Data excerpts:

####################

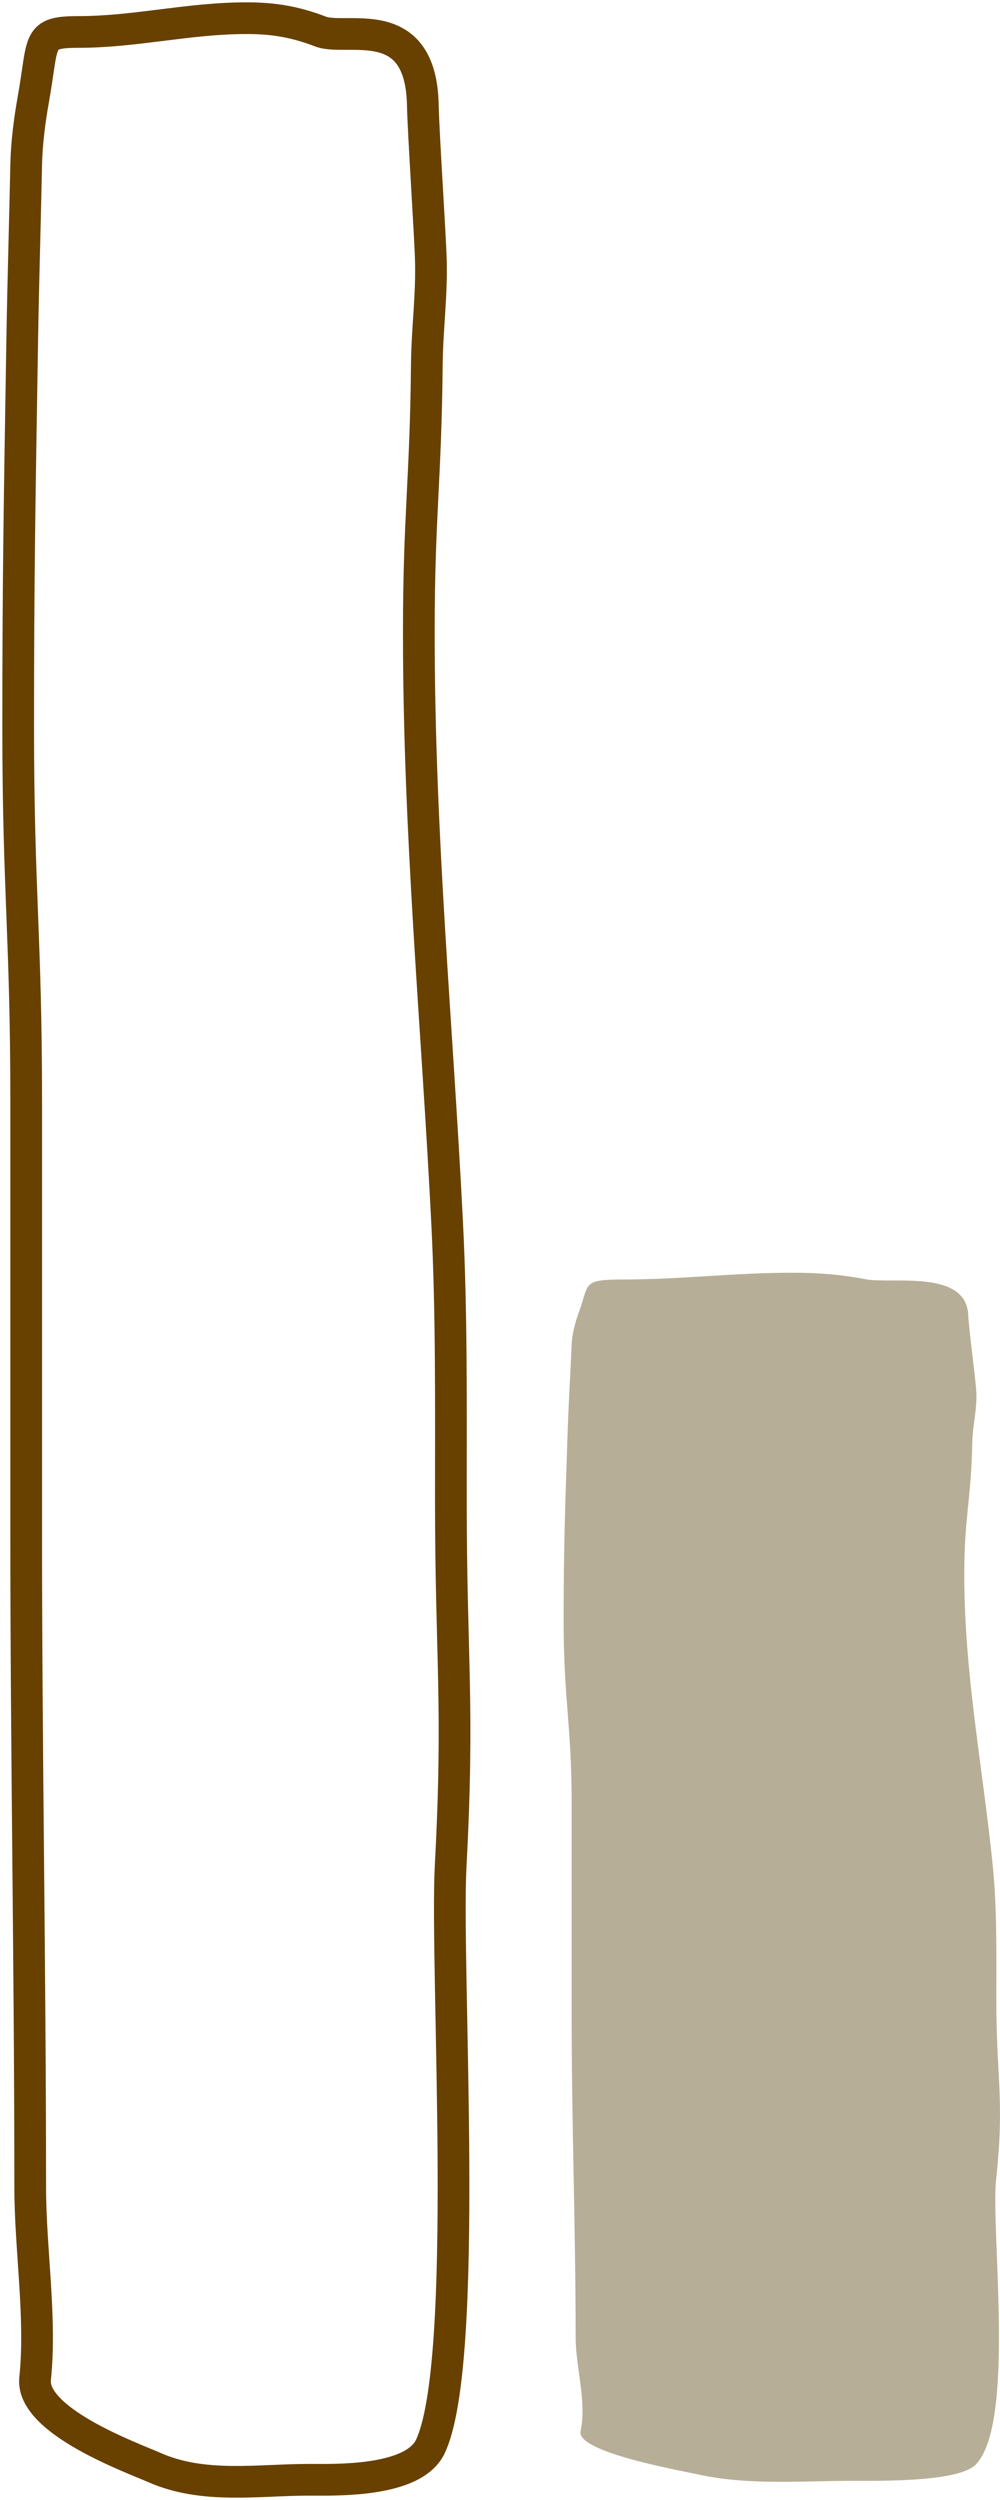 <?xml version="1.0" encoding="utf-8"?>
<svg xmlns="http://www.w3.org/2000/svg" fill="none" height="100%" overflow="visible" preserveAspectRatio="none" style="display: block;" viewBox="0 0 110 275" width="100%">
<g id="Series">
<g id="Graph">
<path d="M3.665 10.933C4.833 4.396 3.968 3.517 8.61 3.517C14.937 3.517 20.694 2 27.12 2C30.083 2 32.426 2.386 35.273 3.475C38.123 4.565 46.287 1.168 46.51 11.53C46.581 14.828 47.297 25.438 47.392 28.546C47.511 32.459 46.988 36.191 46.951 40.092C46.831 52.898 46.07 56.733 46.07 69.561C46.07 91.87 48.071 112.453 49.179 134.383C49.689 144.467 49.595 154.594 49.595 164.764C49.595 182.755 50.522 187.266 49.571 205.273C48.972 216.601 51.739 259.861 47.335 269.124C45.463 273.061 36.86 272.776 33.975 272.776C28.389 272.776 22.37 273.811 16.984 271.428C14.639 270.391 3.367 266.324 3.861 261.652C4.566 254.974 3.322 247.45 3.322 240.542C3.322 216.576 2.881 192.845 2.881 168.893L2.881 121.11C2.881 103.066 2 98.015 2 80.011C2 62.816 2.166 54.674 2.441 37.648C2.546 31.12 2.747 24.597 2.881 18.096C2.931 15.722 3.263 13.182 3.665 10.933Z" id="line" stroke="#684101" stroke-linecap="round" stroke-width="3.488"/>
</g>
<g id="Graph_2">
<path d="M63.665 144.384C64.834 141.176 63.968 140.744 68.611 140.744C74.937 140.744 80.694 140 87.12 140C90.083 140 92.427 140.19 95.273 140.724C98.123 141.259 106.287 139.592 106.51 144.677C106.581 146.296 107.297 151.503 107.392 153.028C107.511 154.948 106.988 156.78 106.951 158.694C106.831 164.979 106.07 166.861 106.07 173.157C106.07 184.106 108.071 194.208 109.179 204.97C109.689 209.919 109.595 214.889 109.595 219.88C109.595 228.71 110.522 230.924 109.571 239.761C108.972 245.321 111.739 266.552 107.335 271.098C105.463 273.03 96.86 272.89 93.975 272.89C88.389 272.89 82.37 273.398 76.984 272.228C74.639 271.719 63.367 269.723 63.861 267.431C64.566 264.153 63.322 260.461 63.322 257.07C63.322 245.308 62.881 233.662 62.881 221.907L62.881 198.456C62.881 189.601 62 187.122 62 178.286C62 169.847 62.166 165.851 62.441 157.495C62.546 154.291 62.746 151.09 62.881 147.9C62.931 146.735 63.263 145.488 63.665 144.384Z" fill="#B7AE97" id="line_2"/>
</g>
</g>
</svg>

####################

ABOUT THIS EXERCISE: Print every record above exactly as written, leaving out the pictures.

SOLUTION TO THIS PROBLEM:
 <?xml version="1.0" encoding="utf-8"?>
<svg xmlns="http://www.w3.org/2000/svg" fill="none" height="100%" overflow="visible" preserveAspectRatio="none" style="display: block;" viewBox="0 0 110 275" width="100%">
<g id="Series">
<g id="Graph">
<path d="M3.665 10.933C4.833 4.396 3.968 3.517 8.61 3.517C14.937 3.517 20.694 2 27.12 2C30.083 2 32.426 2.386 35.273 3.475C38.123 4.565 46.287 1.168 46.51 11.53C46.581 14.828 47.297 25.438 47.392 28.546C47.511 32.459 46.988 36.191 46.951 40.092C46.831 52.898 46.07 56.733 46.07 69.561C46.07 91.87 48.071 112.453 49.179 134.383C49.689 144.467 49.595 154.594 49.595 164.764C49.595 182.755 50.522 187.266 49.571 205.273C48.972 216.601 51.739 259.861 47.335 269.124C45.463 273.061 36.86 272.776 33.975 272.776C28.389 272.776 22.37 273.811 16.984 271.428C14.639 270.391 3.367 266.324 3.861 261.652C4.566 254.974 3.322 247.45 3.322 240.542C3.322 216.576 2.881 192.845 2.881 168.893L2.881 121.11C2.881 103.066 2 98.015 2 80.011C2 62.816 2.166 54.674 2.441 37.648C2.546 31.12 2.747 24.597 2.881 18.096C2.931 15.722 3.263 13.182 3.665 10.933Z" id="line" stroke="#684101" stroke-linecap="round" stroke-width="3.488"/>
</g>
<g id="Graph_2">
<path d="M63.665 144.384C64.834 141.176 63.968 140.744 68.611 140.744C74.937 140.744 80.694 140 87.12 140C90.083 140 92.427 140.19 95.273 140.724C98.123 141.259 106.287 139.592 106.51 144.677C106.581 146.296 107.297 151.503 107.392 153.028C107.511 154.948 106.988 156.78 106.951 158.694C106.831 164.979 106.07 166.861 106.07 173.157C106.07 184.106 108.071 194.208 109.179 204.97C109.689 209.919 109.595 214.889 109.595 219.88C109.595 228.71 110.522 230.924 109.571 239.761C108.972 245.321 111.739 266.552 107.335 271.098C105.463 273.03 96.86 272.89 93.975 272.89C88.389 272.89 82.37 273.398 76.984 272.228C74.639 271.719 63.367 269.723 63.861 267.431C64.566 264.153 63.322 260.461 63.322 257.07C63.322 245.308 62.881 233.662 62.881 221.907L62.881 198.456C62.881 189.601 62 187.122 62 178.286C62 169.847 62.166 165.851 62.441 157.495C62.546 154.291 62.746 151.09 62.881 147.9C62.931 146.735 63.263 145.488 63.665 144.384Z" fill="#B7AE97" id="line_2"/>
</g>
</g>
</svg>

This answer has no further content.